Saturday, September 30, 2006

a gadfly's day

I spent most of today writing emails and comments on other people's sites. I even did something I normally don't do, and left three (count 'em-- THREE!) comments over at the Marmot's Hole in rapid succession, one comment of which was immediately pounced on by an apologist for the Japanese occupation of Korea who really ought to know better. The apologist's assumptions are those of a sloppy historian: anecdotes provided by the people (e.g., tortured Koreans, such as some of my mother's relatives) are "guilty until proven innocent" as opposed to being held in suspension until more data can be accumulated-- the latter being the attitude of a true scholar. All scholars have biases, to be sure, but no scholarship is trustworthy when not even a minimal effort toward fairness has been made.

I wrote another long comment over at Hojuin that I'll copy and paste here. This was in partial response to a question Hojuin asked re: whether it takes balls to create an image like the one found here. My response actually comes at the end of the comment; most of the comment is a rambling disquisition on my personal politics, which I now inflict on you.

Hojuin writes:

Does this indeed take a pair? none of my Muslim mates would give a shit.
(via: the Big Ho)

To be clear, I have no disagreement with Hojuin (his blog is quite interesting; check it out), and I hope my comment to his post reflected that. In fact, because Hojuin's post is short, it'd be insane for me to impute any position to his question and statement, other than some doubt about whether all Muslims would react badly to visual-media spoofs of Islam.
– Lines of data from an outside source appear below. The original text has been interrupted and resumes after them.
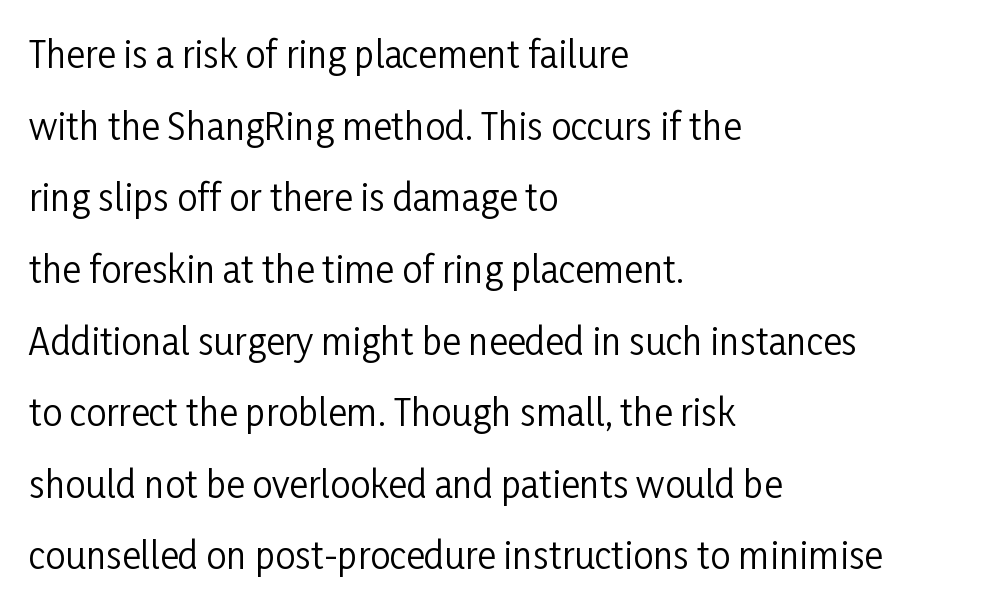
Q: Is the text bold? A: No.
Q: Is the text italic (slanted)? A: No, it is upright.
Q: Is the typeface a serif or a sans-serif typeface? A: Sans-serif.
Q: Is the text underlined? A: No.
Q: How is the paragraph aligned? A: Left-aligned.
Q: Is the spacing between letters normal or unusually wide? A: Normal.
Q: Is the spacing between lines tight, normal or loose? A: Loose.
Q: Width (condensed, normal, or wide)? A: Condensed.
Q: Stroke contrast? A: Low.
Q: x-height? A: Medium.
Q: Monospaced? A: No.
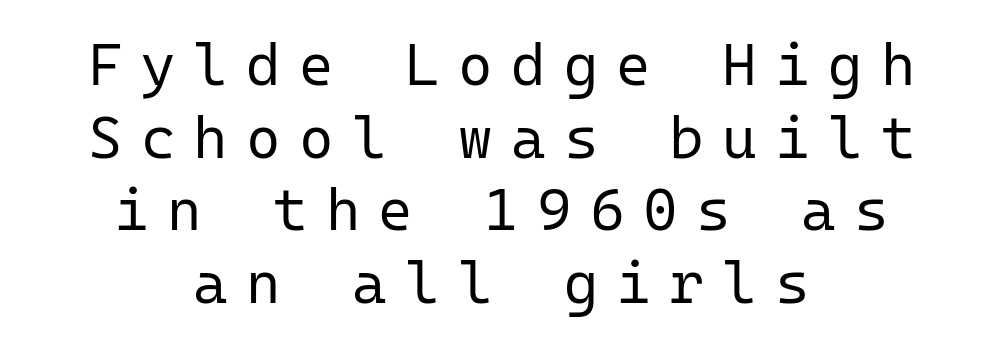
Note the uniform advance width — an 'i' takes as much space as an 'm'. Posture: vertical. If you folded the block vertically in half, each line would mirror itself in length. The passage shown is not bold in any degree. This is sans-serif lettering, the kind often seen on screens and signage. Rule under the text: the space is simply empty.
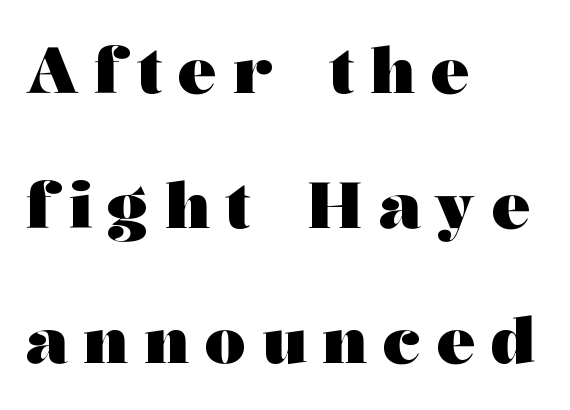
Decoration check: the copy has no underline. Left-aligned paragraph, ragged on the right. Successive baselines arrive slowly, with a big drop between each. Note: serifs present on the glyphs. Notice how the stems are strictly vertical — no italics here.
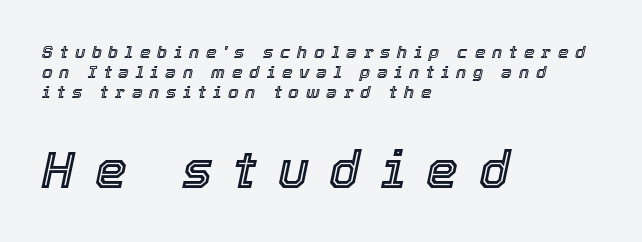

I think Hojuin is right to point out that there are Muslims out there who don't give a shit. My comment, then:

re: your Muslim mates

I’m glad they wouldn’t give a shit, and it’s my hope that that’s how the majority of Muslims are. The Muslims I know in the States are kind, decent people, and they never once hit me over the head with the Koran, nor did they ever try to steer the conversation toward religion.

There’s a risk that the American right is overstating the case by implying-- as many righties unfortunately do-- that ALL of Islam is INHERENTLY pernicious. Just to be clear, that’s never been my position. My position is: there’re about 1.2 (or so) billion Muslims, and they’re not all out on the streets sawing heads off infidels. I suspect that most Muslims simply want to get through the day, like the rest of us.

However, I do worry about how the West reacts to the hardline, jihadi Muslims who view conciliation as weakness, and who are striving in the service of a greater vision-- be it the reestablishment of the Caliphate, the global dominance of the Dar al-Islam, or whatever utopian scheme motivates them. The cartoon flap is one case in point (I assume your mates don’t care about those cartoons, either-- to their great credit); the recent death threats against French and German professors who have written articles critical of jihadist Islam are another. If people in the West react by routinely cancelling potentially offensive performances, or by going into hiding instead of speaking out bravely, etc., then it’s Neville Chamberlain all over again. The bullies win.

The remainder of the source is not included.